The user is asked to give the country code, the year and the area code (if any). Then the program asks if the user wants to make the calculation either for a single species or for some of them. In the first case the program asks the Rubbin code of the species and in the latter case the name of the file with those species. If a species is absent from the species reference file, the user has to give its scientific name.

Then the user has to choice whether he wants to calculate length frequencies or abundance indices. The possible indices are given in Annex 6. In the case of calculation of indices, an other choice is between full or reduced output. The user has to give one output file name for a full output and two for a reduced output.

The output file names are fixed : the first character is H, the following seven are the species Rubbin code, the two first of the extension are the country code and the last one is the second character of the area code. Example : Results for Merluccius merluccius, country Italy, area M3 : HMERLMER.IT3

The files are in CSV (comma separated values) format and can be easily imported into any spreadsheet. An example is given in Annex 7.

The output file names are free but it is recommended to use easy-to-remember names. The two types of file (full and reduced output) are simple ASCII files which can be easily imported into any word processor. The full output file contains two separate tables by area. The first one gives the detailed results by stratum and the second the results for the whole area, the shelf and the slope separately. In the case of a reduced output, the first file contains the same table as in the previous versions of the program giving the abundance index and its coefficient of variation by stratum and for the whole area and the second file contains a table giving index and coefficient of variation for the whole area, the shelf and the slope. Examples of these files are given in Annex 8 and Annex 9.

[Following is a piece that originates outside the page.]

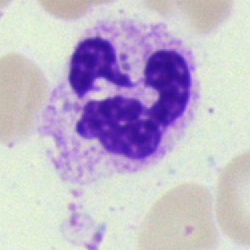
Single cell identified as a polymorphonuclear neutrophil.
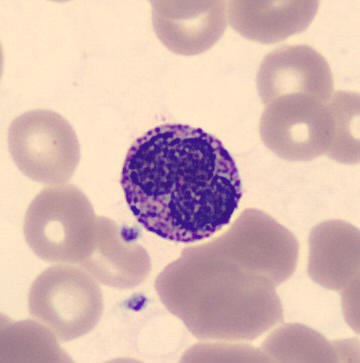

The INDMED program could obviously and quite easily been extended to other computations from the MEDITS data files. Being written in a standard and normalized language, its subroutines can been incorporated in new programs.

However some theoretical points could be raised. Is the calculated index relevant ? Is there a better index ? For the time being, the surfaces of the strata are estimated from maps following a ground plan. It could be better to try to estimate the actual surfaces by taking into account the various slopes. These question should be addressed to the Group of Co-ordination of the MEDITS program and/or to some of the Working Groups which have been set.